■ **What this task involves**: Make an exact copy of the lines from the top of the entries below through the line with "#93=CIRCLE('',#6777,0.2);". Leave all pictures out.

■ **Data**:
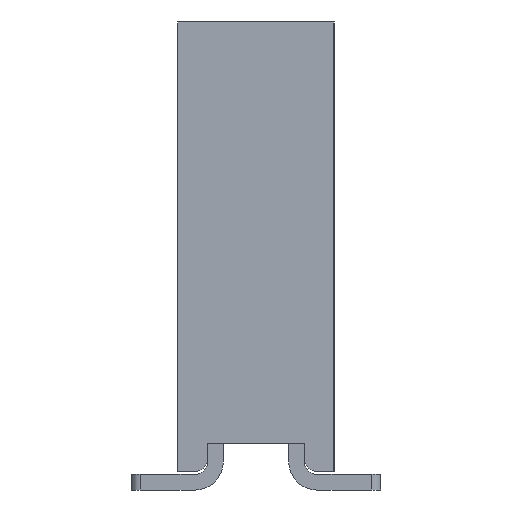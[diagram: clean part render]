
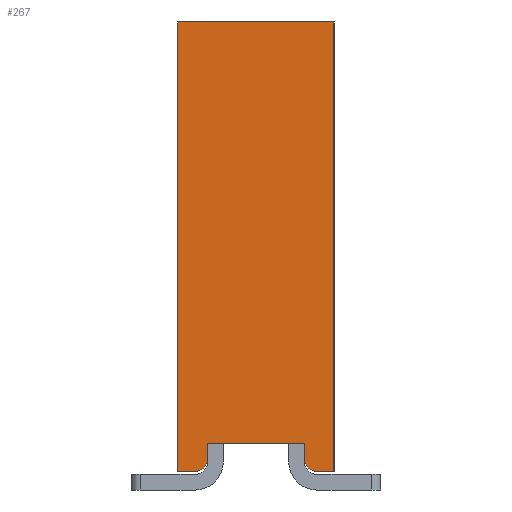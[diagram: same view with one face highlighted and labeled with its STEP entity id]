
A CAD part, left-side view. The second image highlights one B-rep face of the part: STEP entity #267.
In plain terms, the highlighted planar face has unit normal (-1, 0, 0).
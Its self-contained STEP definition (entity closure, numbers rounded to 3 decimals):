
#92=CIRCLE('',#6776,0.2);
#93=CIRCLE('',#6777,0.2);
#267=ADVANCED_FACE('',(#905),#615,.T.);
#615=PLANE('',#6778);
#905=FACE_OUTER_BOUND('',#1267,.T.);
#1267=EDGE_LOOP('',(#1884,#1885,#1886,#1887,#1888,#1889,#1890,#1891,#1892,
#1893));
#1884=ORIENTED_EDGE('',*,*,#4307,.T.);
#1885=ORIENTED_EDGE('',*,*,#4372,.T.);
#1886=ORIENTED_EDGE('',*,*,#4300,.T.);
#1887=ORIENTED_EDGE('',*,*,#4304,.F.);
#1888=ORIENTED_EDGE('',*,*,#4286,.F.);
#1889=ORIENTED_EDGE('',*,*,#4373,.T.);
#1890=ORIENTED_EDGE('',*,*,#4374,.T.);
#1891=ORIENTED_EDGE('',*,*,#4370,.T.);
#1892=ORIENTED_EDGE('',*,*,#4368,.T.);
#1893=ORIENTED_EDGE('',*,*,#4375,.F.);
#3655=VERTEX_POINT('',#9323);
#3656=VERTEX_POINT('',#9325);
#3664=VERTEX_POINT('',#9346);
#3667=VERTEX_POINT('',#9351);
#3672=VERTEX_POINT('',#9365);
#3673=VERTEX_POINT('',#9367);
#3731=VERTEX_POINT('',#9484);
#3733=VERTEX_POINT('',#9488);
#3735=VERTEX_POINT('',#9494);
#3736=VERTEX_POINT('',#9499);
#4286=EDGE_CURVE('',#3655,#3656,#5240,.T.);
#4300=EDGE_CURVE('',#3664,#3667,#5254,.T.);
#4304=EDGE_CURVE('',#3656,#3667,#5258,.T.);
#4307=EDGE_CURVE('',#3673,#3672,#5261,.T.);
#4368=EDGE_CURVE('',#3731,#3733,#5322,.T.);
#4370=EDGE_CURVE('',#3735,#3731,#5324,.T.);
#4372=EDGE_CURVE('',#3672,#3664,#92,.T.);
#4373=EDGE_CURVE('',#3655,#3736,#93,.T.);
#4374=EDGE_CURVE('',#3736,#3735,#5326,.T.);
#4375=EDGE_CURVE('',#3673,#3733,#5327,.T.);
#5240=LINE('',#9324,#6078);
#5254=LINE('',#9352,#6092);
#5258=LINE('',#9359,#6096);
#5261=LINE('',#9366,#6099);
#5322=LINE('',#9489,#6160);
#5324=LINE('',#9493,#6162);
#5326=LINE('',#9500,#6164);
#5327=LINE('',#9501,#6165);
#6078=VECTOR('',#7431,1.);
#6092=VECTOR('',#7449,1.);
#6096=VECTOR('',#7455,1.);
#6099=VECTOR('',#7460,1.);
#6160=VECTOR('',#7523,1.);
#6162=VECTOR('',#7527,1.);
#6164=VECTOR('',#7535,1.);
#6165=VECTOR('',#7536,1.);
#6776=AXIS2_PLACEMENT_3D('',#9497,#7531,#7532);
#6777=AXIS2_PLACEMENT_3D('',#9498,#7533,#7534);
#6778=AXIS2_PLACEMENT_3D('',#9502,#7537,#7538);
#7431=DIRECTION('',(0.,0.,1.));
#7449=DIRECTION('',(0.,0.,1.));
#7455=DIRECTION('',(0.,1.,0.));
#7460=DIRECTION('',(0.,-1.,0.));
#7523=DIRECTION('',(0.,1.,0.));
#7527=DIRECTION('',(0.,0.,1.));
#7531=DIRECTION('',(-1.,0.,0.));
#7532=DIRECTION('',(0.,0.,1.));
#7533=DIRECTION('',(-1.,0.,0.));
#7534=DIRECTION('',(0.,0.,1.));
#7535=DIRECTION('',(0.,-1.,0.));
#7536=DIRECTION('',(0.,0.,1.));
#7537=DIRECTION('',(-1.,0.,0.));
#7538=DIRECTION('',(0.,0.,1.));
#9323=CARTESIAN_POINT('',(0.,0.475,0.2));
#9324=CARTESIAN_POINT('',(0.,0.475,0.45));
#9325=CARTESIAN_POINT('',(0.,0.475,0.45));
#9346=CARTESIAN_POINT('',(0.,2.025,0.2));
#9351=CARTESIAN_POINT('',(0.,2.025,0.45));
#9352=CARTESIAN_POINT('',(0.,2.025,0.45));
#9359=CARTESIAN_POINT('',(0.,0.475,0.45));
#9365=CARTESIAN_POINT('',(0.,2.225,0.));
#9366=CARTESIAN_POINT('',(0.,1.25,0.));
#9367=CARTESIAN_POINT('',(0.,2.5,0.));
#9484=CARTESIAN_POINT('',(0.,0.,7.2));
#9488=CARTESIAN_POINT('',(0.,2.5,7.2));
#9489=CARTESIAN_POINT('',(0.,1.25,7.2));
#9493=CARTESIAN_POINT('',(0.,0.,0.));
#9494=CARTESIAN_POINT('',(0.,0.,0.));
#9497=CARTESIAN_POINT('',(0.,2.225,0.2));
#9498=CARTESIAN_POINT('',(0.,0.275,0.2));
#9499=CARTESIAN_POINT('',(0.,0.275,0.));
#9500=CARTESIAN_POINT('',(0.,1.25,0.));
#9501=CARTESIAN_POINT('',(0.,2.5,0.));
#9502=CARTESIAN_POINT('',(0.,1.25,0.));

■ **Exercise answer**:
[diagram: clean part render]
[diagram: same view with one face highlighted and labeled with its STEP entity id]
A CAD part, left-side view. The second image highlights one B-rep face of the part: STEP entity #267.
In plain terms, the highlighted planar face has unit normal (-1, 0, 0).
Its self-contained STEP definition (entity closure, numbers rounded to 3 decimals):
#92=CIRCLE('',#6776,0.2);
#93=CIRCLE('',#6777,0.2);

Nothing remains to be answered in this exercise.